Represent an undirected graph as a per-vertex list of neighbours. For every edge (u, v), append v to adj[u] and u to adj[v]. Neighbour lists keep insertion order so the graph is a stable, deterministic fixture for the search lessons.

Algorithm

The canonical fixture is 6 vertices [1..6] with undirected edges (1,2), (1,3), (2,4), (3,4), (4,5), (5,6) inserted in that order.

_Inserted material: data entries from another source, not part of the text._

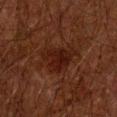• follow-up: total-body-photography surveillance lesion; no biopsy
• site: the right forearm
• image: ~15 mm tile from a whole-body skin photo
• subject: male, about 60 years old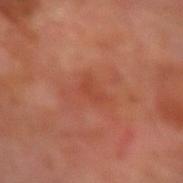Captured during whole-body skin photography for melanoma surveillance; the lesion was not biopsied. Longest diameter approximately 2.5 mm. A male patient approximately 70 years of age. A roughly 15 mm field-of-view crop from a total-body skin photograph. Located on the right forearm. Imaged with cross-polarized lighting. Automated image analysis of the tile measured a lesion area of about 3.5 mm² and a shape-asymmetry score of about 0.4 (0 = symmetric). The software also gave a lesion color around L≈45 a*≈29 b*≈33 in CIELAB and a normalized border contrast of about 4.5. The analysis additionally found internal color variation of about 0.5 on a 0–10 scale and radial color variation of about 0. The analysis additionally found an automated nevus-likeness rating near 0 out of 100 and lesion-presence confidence of about 100/100.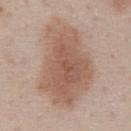The lesion was photographed on a routine skin check and not biopsied; there is no pathology result. Imaged with white-light lighting. Automated tile analysis of the lesion measured a lesion color around L≈57 a*≈19 b*≈27 in CIELAB, a lesion–skin lightness drop of about 11, and a lesion-to-skin contrast of about 7.5 (normalized; higher = more distinct). A lesion tile, about 15 mm wide, cut from a 3D total-body photograph. A male patient aged approximately 60. The lesion is on the abdomen.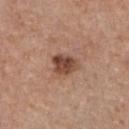Assessment:
The lesion was tiled from a total-body skin photograph and was not biopsied.
Clinical summary:
On the chest. A female subject, aged around 35. The total-body-photography lesion software estimated a within-lesion color-variation index near 4.5/10 and peripheral color asymmetry of about 2. The software also gave a detector confidence of about 100 out of 100 that the crop contains a lesion. A 15 mm crop from a total-body photograph taken for skin-cancer surveillance.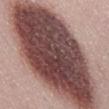This lesion was catalogued during total-body skin photography and was not selected for biopsy. The lesion is on the abdomen. A female patient approximately 50 years of age. Cropped from a total-body skin-imaging series; the visible field is about 15 mm.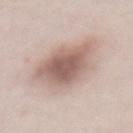notes = catalogued during a skin exam; not biopsied
site = the abdomen
image-analysis metrics = a mean CIELAB color near L≈61 a*≈17 b*≈23, about 13 CIELAB-L* units darker than the surrounding skin, and a normalized border contrast of about 8; a detector confidence of about 100 out of 100 that the crop contains a lesion
subject = female, in their 40s
illumination = white-light illumination
image = 15 mm crop, total-body photography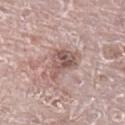Imaged during a routine full-body skin examination; the lesion was not biopsied and no histopathology is available. From the right leg. The patient is a male aged approximately 70. The tile uses white-light illumination. About 4 mm across. Cropped from a whole-body photographic skin survey; the tile spans about 15 mm.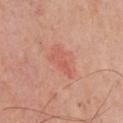| key | value |
|---|---|
| workup | catalogued during a skin exam; not biopsied |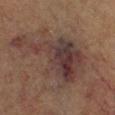Assessment: Part of a total-body skin-imaging series; this lesion was reviewed on a skin check and was not flagged for biopsy. Background: The tile uses cross-polarized illumination. On the left lower leg. The lesion's longest dimension is about 10 mm. The patient is a male aged around 85 or older. A region of skin cropped from a whole-body photographic capture, roughly 15 mm wide.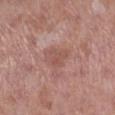{"biopsy_status": "not biopsied; imaged during a skin examination", "image": {"source": "total-body photography crop", "field_of_view_mm": 15}, "automated_metrics": {"cielab_L": 52, "cielab_a": 23, "cielab_b": 25, "color_variation_0_10": 1.5}, "patient": {"sex": "female", "age_approx": 50}, "site": "right lower leg", "lesion_size": {"long_diameter_mm_approx": 2.5}}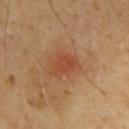Impression: Imaged during a routine full-body skin examination; the lesion was not biopsied and no histopathology is available. Image and clinical context: The subject is a male aged around 65. A lesion tile, about 15 mm wide, cut from a 3D total-body photograph. The lesion is located on the chest. Automated tile analysis of the lesion measured border irregularity of about 3.5 on a 0–10 scale and a peripheral color-asymmetry measure near 1. The analysis additionally found an automated nevus-likeness rating near 0 out of 100 and lesion-presence confidence of about 100/100. Captured under cross-polarized illumination.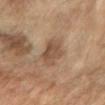The lesion was photographed on a routine skin check and not biopsied; there is no pathology result.
Captured under cross-polarized illumination.
The patient is a female about 70 years old.
This image is a 15 mm lesion crop taken from a total-body photograph.
The lesion's longest dimension is about 5 mm.
From the right forearm.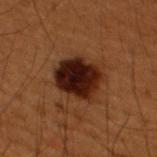Assessment: This lesion was catalogued during total-body skin photography and was not selected for biopsy. Background: The subject is a male aged approximately 50. Located on the upper back. The recorded lesion diameter is about 5 mm. This image is a 15 mm lesion crop taken from a total-body photograph. This is a cross-polarized tile. Automated image analysis of the tile measured a border-irregularity rating of about 1.5/10, internal color variation of about 7 on a 0–10 scale, and peripheral color asymmetry of about 2. The analysis additionally found an automated nevus-likeness rating near 95 out of 100.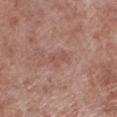| field | value |
|---|---|
| workup | total-body-photography surveillance lesion; no biopsy |
| image source | 15 mm crop, total-body photography |
| site | the left lower leg |
| illumination | white-light illumination |
| subject | male, approximately 55 years of age |
| size | ≈2.5 mm |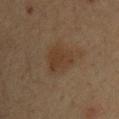<lesion>
<biopsy_status>not biopsied; imaged during a skin examination</biopsy_status>
<site>chest</site>
<patient>
  <sex>male</sex>
  <age_approx>35</age_approx>
</patient>
<lesion_size>
  <long_diameter_mm_approx>4.0</long_diameter_mm_approx>
</lesion_size>
<lighting>cross-polarized</lighting>
<image>
  <source>total-body photography crop</source>
  <field_of_view_mm>15</field_of_view_mm>
</image>
</lesion>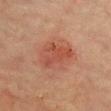Clinical impression: The lesion was tiled from a total-body skin photograph and was not biopsied. Context: The subject is a female aged 78–82. The lesion-visualizer software estimated a shape eccentricity near 0.7 and two-axis asymmetry of about 0.25. A 15 mm close-up tile from a total-body photography series done for melanoma screening. Approximately 4.5 mm at its widest. The lesion is located on the chest. This is a cross-polarized tile.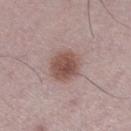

The final adjacency list is {1: [2, 3], 2: [1, 4], 3: [1, 4], 4: [2, 3, 5], 5: [4, 6], 6: [5]}. This same graph drives graph-bfs, graph-dfs, and graph-shortest-path-bfs.

Basic Implementation

basic.kt
fun main() {
	val edges = listOf(listOf(1, 2), listOf(1, 3), listOf(2, 4), listOf(3, 4), listOf(4, 5), listOf(5, 6))
	val adj = HashMap<Int, MutableList<Int>>()
	for (e in edges) {
		adj.getOrPut(e[0]) { mutableListOf() }.add(e[1])
		adj.getOrPut(e[1]) { mutableListOf() }.add(e[0])
	}
	val parts = mutableListOf<String>()
	for (v in adj.keys.sorted()) {
		parts.add("$v: [" + adj[v]!!.joinToString(", ") + "]")
	}
	println(parts.joinToString(prefix = "{", postfix = "}"))
}

Complexity

  • Build: O(V + E)
  • Space: O(V + E)

Implementation notes

  • Kotlin: a HashMap stores neighbours via getOrPut; keys are sorted before printing because a HashMap is unordered.
  • The replay shows the adjacency list after each edge is added, matching the lesson spec.
adjacency list Each edge adds two directed entries, one in each direction.